SUPPLIED MATERIAL below:
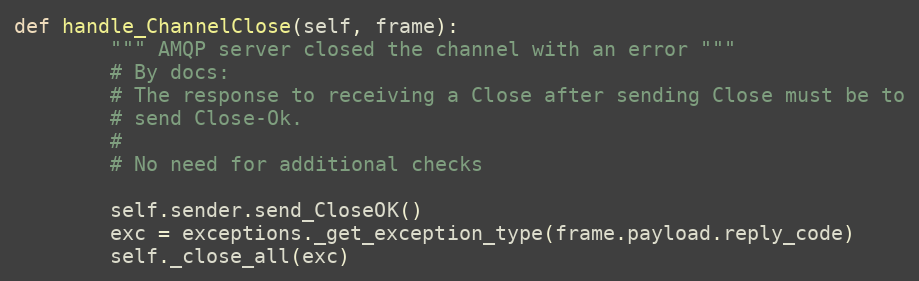
Language: Python
def handle_ChannelClose(self, frame):
        """ AMQP server closed the channel with an error """
        # By docs:
        # The response to receiving a Close after sending Close must be to
        # send Close-Ok.
        #
        # No need for additional checks

        self.sender.send_CloseOK()
        exc = exceptions._get_exception_type(frame.payload.reply_code)
        self._close_all(exc)
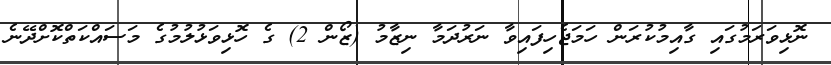
ނޮޅިވަރަމުގައި ގާއިމުކުރަން ހަމަޖެހިފައިވާ ނަރުދަމާ ނިޒާމު (ޒޯން 2) ގެ ހޮޅިވަޅުލުމުގެ މަސައްކަތްކޮށްދޭނެ
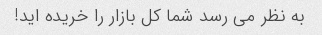
به نظر می رسد شما کل بازار را خریده اید!
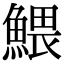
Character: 鰃
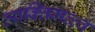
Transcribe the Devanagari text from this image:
व्यक्‍तिमत्त्व
End of SUPPLIED MATERIAL.
● **TASK DIRECTIONS**
No pictures belong in the copy. Retype exactly, and only, the lines from the line containing "exc = exceptions._get_exception_type(frame.payload.reply_code)" through the last line of the data, both included.

● **RESULT FOR THIS TASK**
        exc = exceptions._get_exception_type(frame.payload.reply_code)
        self._close_all(exc)
ނޮޅިވަރަމުގައި ގާއިމުކުރަން ހަމަޖެހިފައިވާ ނަރުދަމާ ނިޒާމު (ޒޯން 2) ގެ ހޮޅިވަޅުލުމުގެ މަސައްކަތްކޮށްދޭނެ
به نظر می رسد شما کل بازار را خریده اید!
Character: 鰃
Transcribe the Devanagari text from this image:
व्यक्‍तिमत्त्व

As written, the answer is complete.